● The input
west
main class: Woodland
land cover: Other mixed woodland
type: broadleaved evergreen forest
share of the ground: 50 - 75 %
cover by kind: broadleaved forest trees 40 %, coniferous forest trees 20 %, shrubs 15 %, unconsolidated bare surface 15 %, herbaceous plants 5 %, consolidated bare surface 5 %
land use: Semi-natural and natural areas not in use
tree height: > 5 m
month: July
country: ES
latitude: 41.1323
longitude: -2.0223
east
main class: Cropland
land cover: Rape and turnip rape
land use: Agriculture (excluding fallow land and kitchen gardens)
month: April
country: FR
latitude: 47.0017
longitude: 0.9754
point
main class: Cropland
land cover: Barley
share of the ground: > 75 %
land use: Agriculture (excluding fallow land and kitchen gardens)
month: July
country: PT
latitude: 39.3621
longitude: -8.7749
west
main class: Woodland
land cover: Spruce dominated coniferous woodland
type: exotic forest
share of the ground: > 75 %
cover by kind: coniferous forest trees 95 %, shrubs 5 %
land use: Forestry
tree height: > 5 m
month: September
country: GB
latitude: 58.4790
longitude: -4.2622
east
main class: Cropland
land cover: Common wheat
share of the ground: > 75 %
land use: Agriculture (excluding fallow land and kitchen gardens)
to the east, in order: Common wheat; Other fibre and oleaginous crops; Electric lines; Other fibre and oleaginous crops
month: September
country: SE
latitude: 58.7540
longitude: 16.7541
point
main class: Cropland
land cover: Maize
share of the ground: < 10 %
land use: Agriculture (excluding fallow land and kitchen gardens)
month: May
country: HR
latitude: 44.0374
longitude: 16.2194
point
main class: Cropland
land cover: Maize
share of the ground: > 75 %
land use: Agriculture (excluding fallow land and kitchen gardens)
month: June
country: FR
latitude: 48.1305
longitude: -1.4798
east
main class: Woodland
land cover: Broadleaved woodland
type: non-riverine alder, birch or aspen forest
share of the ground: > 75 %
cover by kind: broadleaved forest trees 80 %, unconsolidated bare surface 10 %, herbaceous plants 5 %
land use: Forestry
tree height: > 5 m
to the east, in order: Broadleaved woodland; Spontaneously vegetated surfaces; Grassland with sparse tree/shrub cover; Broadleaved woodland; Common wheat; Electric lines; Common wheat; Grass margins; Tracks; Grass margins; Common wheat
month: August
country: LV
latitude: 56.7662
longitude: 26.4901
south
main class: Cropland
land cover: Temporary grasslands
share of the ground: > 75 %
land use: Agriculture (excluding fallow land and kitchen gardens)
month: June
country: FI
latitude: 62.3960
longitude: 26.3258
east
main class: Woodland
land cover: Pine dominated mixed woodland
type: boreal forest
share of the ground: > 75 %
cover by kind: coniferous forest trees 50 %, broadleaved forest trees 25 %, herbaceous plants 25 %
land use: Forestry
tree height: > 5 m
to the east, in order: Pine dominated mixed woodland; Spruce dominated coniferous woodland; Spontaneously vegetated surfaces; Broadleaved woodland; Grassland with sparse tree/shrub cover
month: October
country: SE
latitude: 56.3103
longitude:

● Exercise
Copy out the lines starting at the one containing "month: August" and ending with the last line of the entries. Include nothing else.

● Result below
month: August
country: LV
latitude: 56.7662
longitude: 26.4901
south
main class: Cropland
land cover: Temporary grasslands
share of the ground: > 75 %
land use: Agriculture (excluding fallow land and kitchen gardens)
month: June
country: FI
latitude: 62.3960
longitude: 26.3258
east
main class: Woodland
land cover: Pine dominated mixed woodland
type: boreal forest
share of the ground: > 75 %
cover by kind: coniferous forest trees 50 %, broadleaved forest trees 25 %, herbaceous plants 25 %
land use: Forestry
tree height: > 5 m
to the east, in order: Pine dominated mixed woodland; Spruce dominated coniferous woodland; Spontaneously vegetated surfaces; Broadleaved woodland; Grassland with sparse tree/shrub cover
month: October
country: SE
latitude: 56.3103
longitude:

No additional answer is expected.